Solitude Palace's complex is made up by a primary palatial structure, two outbuildings, and some avenues. There was also an extensive garden, laid out by Friedrich Christoph Hemmerling along preexisting paths. Reinhard Heinrich Ferdinand Fischer drew up plans for massive expansions to the garden and palace complex from 1766 to 1772 that closely followed the principles of French horticulturalist Antoine-Joseph Dezallier d'Argenville. The south garden was used for the entertainment of residents and visitors to Solitude and offered a hedge maze, theater, orangery, riding hall, a chinoiserie house, and zoos. The surrounding forests were carefully manicured to facilitate the parforce style of coursing. The grounds were allowed to fall into disrepair from 1770 onward.

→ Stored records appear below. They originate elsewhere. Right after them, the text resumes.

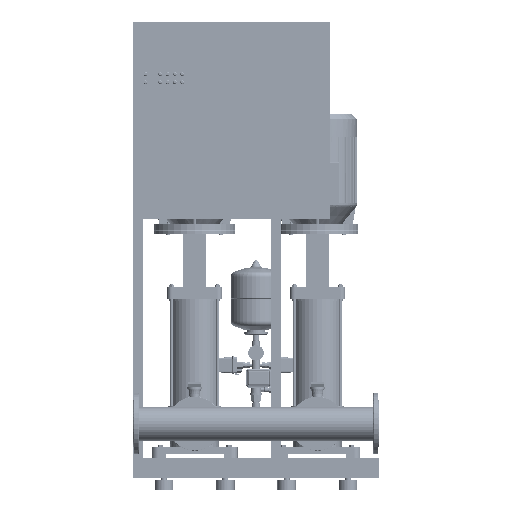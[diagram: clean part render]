
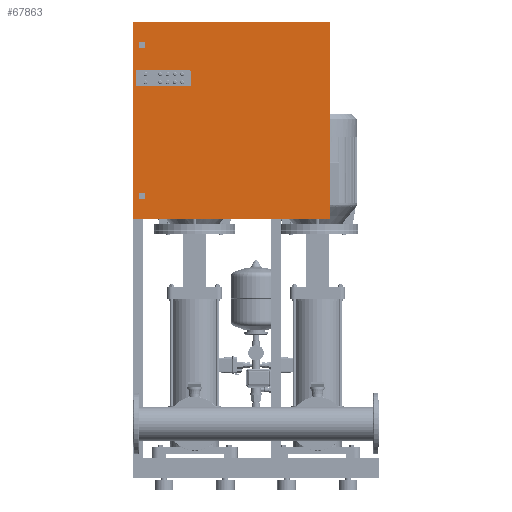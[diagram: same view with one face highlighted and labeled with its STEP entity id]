
A CAD part, front view. The second image highlights one B-rep face of the part: STEP entity #67863.
In plain terms, the highlighted planar face has unit normal (0, -1, 0).
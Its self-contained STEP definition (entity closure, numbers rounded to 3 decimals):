
#67122=CARTESIAN_POINT('',(800.0,-565.0,1905.0));
#67123=VERTEX_POINT('',#67122);
#67124=CARTESIAN_POINT('',(800.0,-565.0,1105.0));
#67125=VERTEX_POINT('',#67124);
#67126=CARTESIAN_POINT('',(800.0,-565.0,1905.0));
#67127=DIRECTION('',(0.0,0.0,-1.0));
#67128=VECTOR('',#67127,800.0);
#67129=LINE('',#67126,#67128);
#67130=EDGE_CURVE('',#67123,#67125,#67129,.T.);
#67239=CARTESIAN_POINT('',(15.,-565.0,1710.0));
#67240=VERTEX_POINT('',#67239);
#67247=CARTESIAN_POINT('',(10.,-565.0,1705.0));
#67248=VERTEX_POINT('',#67247);
#67249=CARTESIAN_POINT('',(15.,-565.,1705.0));
#67250=DIRECTION('',(0.0,1.,0.0));
#67251=DIRECTION('',(-0.707,0.0,0.707));
#67252=AXIS2_PLACEMENT_3D('',#67249,#67250,#67251);
#67253=CIRCLE('',#67252,5.);
#67254=EDGE_CURVE('',#67248,#67240,#67253,.T.);
#67271=CARTESIAN_POINT('',(10.,-565.0,1648.0));
#67272=VERTEX_POINT('',#67271);
#67273=CARTESIAN_POINT('',(10.,-565.0,1648.0));
#67274=DIRECTION('',(0.0,0.0,1.0));
#67275=VECTOR('',#67274,57.0);
#67276=LINE('',#67273,#67275);
#67277=EDGE_CURVE('',#67272,#67248,#67276,.T.);
#67294=CARTESIAN_POINT('',(15.,-565.0,1643.0));
#67295=VERTEX_POINT('',#67294);
#67296=CARTESIAN_POINT('',(15.,-565.,1648.0));
#67297=DIRECTION('',(0.0,1.,0.0));
#67298=DIRECTION('',(-0.707,0.0,-0.707));
#67299=AXIS2_PLACEMENT_3D('',#67296,#67297,#67298);
#67300=CIRCLE('',#67299,5.);
#67301=EDGE_CURVE('',#67295,#67272,#67300,.T.);
#67321=CARTESIAN_POINT('',(229.0,-565.0,1710.0));
#67322=VERTEX_POINT('',#67321);
#67329=CARTESIAN_POINT('',(15.,-565.0,1710.0));
#67330=DIRECTION('',(1.0,0.0,0.0));
#67331=VECTOR('',#67330,214.);
#67332=LINE('',#67329,#67331);
#67333=EDGE_CURVE('',#67240,#67322,#67332,.T.);
#67344=CARTESIAN_POINT('',(229.0,-565.0,1643.0));
#67345=VERTEX_POINT('',#67344);
#67346=CARTESIAN_POINT('',(229.0,-565.0,1643.0));
#67347=DIRECTION('',(-1.0,0.0,0.0));
#67348=VECTOR('',#67347,214.);
#67349=LINE('',#67346,#67348);
#67350=EDGE_CURVE('',#67345,#67295,#67349,.T.);
#67369=CARTESIAN_POINT('',(234.0,-565.0,1648.0));
#67370=VERTEX_POINT('',#67369);
#67371=CARTESIAN_POINT('',(229.0,-565.,1648.0));
#67372=DIRECTION('',(0.0,1.0,0.0));
#67373=DIRECTION('',(0.0,0.0,1.0));
#67374=AXIS2_PLACEMENT_3D('',#67371,#67372,#67373);
#67375=CIRCLE('',#67374,5.);
#67376=EDGE_CURVE('',#67370,#67345,#67375,.T.);
#67394=CARTESIAN_POINT('',(234.0,-565.0,1705.0));
#67395=VERTEX_POINT('',#67394);
#67396=CARTESIAN_POINT('',(234.0,-565.0,1705.0));
#67397=DIRECTION('',(0.0,0.0,-1.0));
#67398=VECTOR('',#67397,57.0);
#67399=LINE('',#67396,#67398);
#67400=EDGE_CURVE('',#67395,#67370,#67399,.T.);
#67418=CARTESIAN_POINT('',(229.0,-565.,1705.0));
#67419=DIRECTION('',(0.0,1.0,0.0));
#67420=DIRECTION('',(-1.0,0.0,0.0));
#67421=AXIS2_PLACEMENT_3D('',#67418,#67419,#67420);
#67422=CIRCLE('',#67421,5.);
#67423=EDGE_CURVE('',#67322,#67395,#67422,.T.);
#67475=CARTESIAN_POINT('',(50.,-565.,1825.0));
#67476=VERTEX_POINT('',#67475);
#67483=CARTESIAN_POINT('',(25.,-565.,1825.0));
#67484=VERTEX_POINT('',#67483);
#67485=CARTESIAN_POINT('',(25.,-565.,1825.0));
#67486=DIRECTION('',(1.0,0.0,0.0));
#67487=VECTOR('',#67486,25.0);
#67488=LINE('',#67485,#67487);
#67489=EDGE_CURVE('',#67484,#67476,#67488,.T.);
#67507=CARTESIAN_POINT('',(25.0,-565.,1800.0));
#67508=VERTEX_POINT('',#67507);
#67509=CARTESIAN_POINT('',(25.0,-565.,1800.0));
#67510=DIRECTION('',(0.0,0.0,1.0));
#67511=VECTOR('',#67510,25.0);
#67512=LINE('',#67509,#67511);
#67513=EDGE_CURVE('',#67508,#67484,#67512,.T.);
#67531=CARTESIAN_POINT('',(50.,-565.,1800.0));
#67532=VERTEX_POINT('',#67531);
#67533=CARTESIAN_POINT('',(50.,-565.,1800.0));
#67534=DIRECTION('',(-1.0,0.0,0.0));
#67535=VECTOR('',#67534,25.);
#67536=LINE('',#67533,#67535);
#67537=EDGE_CURVE('',#67532,#67508,#67536,.T.);
#67555=CARTESIAN_POINT('',(50.,-565.,1825.0));
#67556=DIRECTION('',(0.0,0.0,-1.0));
#67557=VECTOR('',#67556,25.0);
#67558=LINE('',#67555,#67557);
#67559=EDGE_CURVE('',#67476,#67532,#67558,.T.);
#67580=CARTESIAN_POINT('',(0.,-565.0,1105.0));
#67581=VERTEX_POINT('',#67580);
#67588=CARTESIAN_POINT('',(0.,-565.0,1905.0));
#67589=VERTEX_POINT('',#67588);
#67590=CARTESIAN_POINT('',(0.,-565.0,1105.0));
#67591=DIRECTION('',(0.0,0.0,1.0));
#67592=VECTOR('',#67591,800.0);
#67593=LINE('',#67590,#67592);
#67594=EDGE_CURVE('',#67581,#67589,#67593,.T.);
#67660=CARTESIAN_POINT('',(50.,-565.,1185.0));
#67661=VERTEX_POINT('',#67660);
#67668=CARTESIAN_POINT('',(50.,-565.,1210.0));
#67669=VERTEX_POINT('',#67668);
#67670=CARTESIAN_POINT('',(50.,-565.,1210.0));
#67671=DIRECTION('',(0.0,0.0,-1.0));
#67672=VECTOR('',#67671,25.0);
#67673=LINE('',#67670,#67672);
#67674=EDGE_CURVE('',#67669,#67661,#67673,.T.);
#67698=CARTESIAN_POINT('',(25.,-565.,1185.0));
#67699=VERTEX_POINT('',#67698);
#67706=CARTESIAN_POINT('',(50.,-565.,1185.0));
#67707=DIRECTION('',(-1.0,0.0,0.0));
#67708=VECTOR('',#67707,25.);
#67709=LINE('',#67706,#67708);
#67710=EDGE_CURVE('',#67661,#67699,#67709,.T.);
#67729=CARTESIAN_POINT('',(25.,-565.,1210.0));
#67730=VERTEX_POINT('',#67729);
#67737=CARTESIAN_POINT('',(25.,-565.,1185.0));
#67738=DIRECTION('',(0.0,0.0,1.0));
#67739=VECTOR('',#67738,25.0);
#67740=LINE('',#67737,#67739);
#67741=EDGE_CURVE('',#67699,#67730,#67740,.T.);
#67759=CARTESIAN_POINT('',(25.,-565.,1210.0));
#67760=DIRECTION('',(1.0,0.0,0.0));
#67761=VECTOR('',#67760,25.);
#67762=LINE('',#67759,#67761);
#67763=EDGE_CURVE('',#67730,#67669,#67762,.T.);
#67808=CARTESIAN_POINT('',(0.,-565.0,1905.0));
#67809=DIRECTION('',(1.0,0.0,0.0));
#67810=VECTOR('',#67809,800.0);
#67811=LINE('',#67808,#67810);
#67812=EDGE_CURVE('',#67589,#67123,#67811,.T.);
#67825=CARTESIAN_POINT('',(300.,-565.,1325.0));
#67826=DIRECTION('',(0.0,-1.0,0.0));
#67827=DIRECTION('',(1.0,0.0,0.0));
#67828=AXIS2_PLACEMENT_3D('',#67825,#67826,#67827);
#67829=PLANE('',#67828);
#67830=CARTESIAN_POINT('',(800.0,-565.0,1105.0));
#67831=DIRECTION('',(-1.0,0.0,0.0));
#67832=VECTOR('',#67831,800.);
#67833=LINE('',#67830,#67832);
#67834=EDGE_CURVE('',#67125,#67581,#67833,.T.);
#67835=ORIENTED_EDGE('',*,*,#67834,.F.);
#67836=ORIENTED_EDGE('',*,*,#67130,.F.);
#67837=ORIENTED_EDGE('',*,*,#67812,.F.);
#67838=ORIENTED_EDGE('',*,*,#67594,.F.);
#67839=EDGE_LOOP('',(#67835,#67836,#67837,#67838));
#67840=FACE_OUTER_BOUND('',#67839,.T.);
#67841=ORIENTED_EDGE('',*,*,#67674,.T.);
#67842=ORIENTED_EDGE('',*,*,#67710,.T.);
#67843=ORIENTED_EDGE('',*,*,#67741,.T.);
#67844=ORIENTED_EDGE('',*,*,#67763,.T.);
#67845=EDGE_LOOP('',(#67841,#67842,#67843,#67844));
#67846=FACE_BOUND('',#67845,.T.);
#67847=ORIENTED_EDGE('',*,*,#67254,.T.);
#67848=ORIENTED_EDGE('',*,*,#67333,.T.);
#67849=ORIENTED_EDGE('',*,*,#67423,.T.);
#67850=ORIENTED_EDGE('',*,*,#67400,.T.);
#67851=ORIENTED_EDGE('',*,*,#67376,.T.);
#67852=ORIENTED_EDGE('',*,*,#67350,.T.);
#67853=ORIENTED_EDGE('',*,*,#67301,.T.);
#67854=ORIENTED_EDGE('',*,*,#67277,.T.);
#67855=EDGE_LOOP('',(#67847,#67848,#67849,#67850,#67851,#67852,#67853,#67854));
#67856=FACE_BOUND('',#67855,.T.);
#67857=ORIENTED_EDGE('',*,*,#67489,.T.);
#67858=ORIENTED_EDGE('',*,*,#67559,.T.);
#67859=ORIENTED_EDGE('',*,*,#67537,.T.);
#67860=ORIENTED_EDGE('',*,*,#67513,.T.);
#67861=EDGE_LOOP('',(#67857,#67858,#67859,#67860));
#67862=FACE_BOUND('',#67861,.T.);
#67863=ADVANCED_FACE('',(#67840,#67846,#67856,#67862),#67829,.T.);

Castle Solitude was designed by a working group at the ducal court led Philippe de La Guêpière, though Charles Eugene was actively involved in the planning. The Duke desired the palace to be designed in the Rococo style, like his earlier project at Schloss Favorite. By 1763, however, the Rococo style had gone out of vogue in favor of Neoclassical architecture, and Solitude's interiors reflect this.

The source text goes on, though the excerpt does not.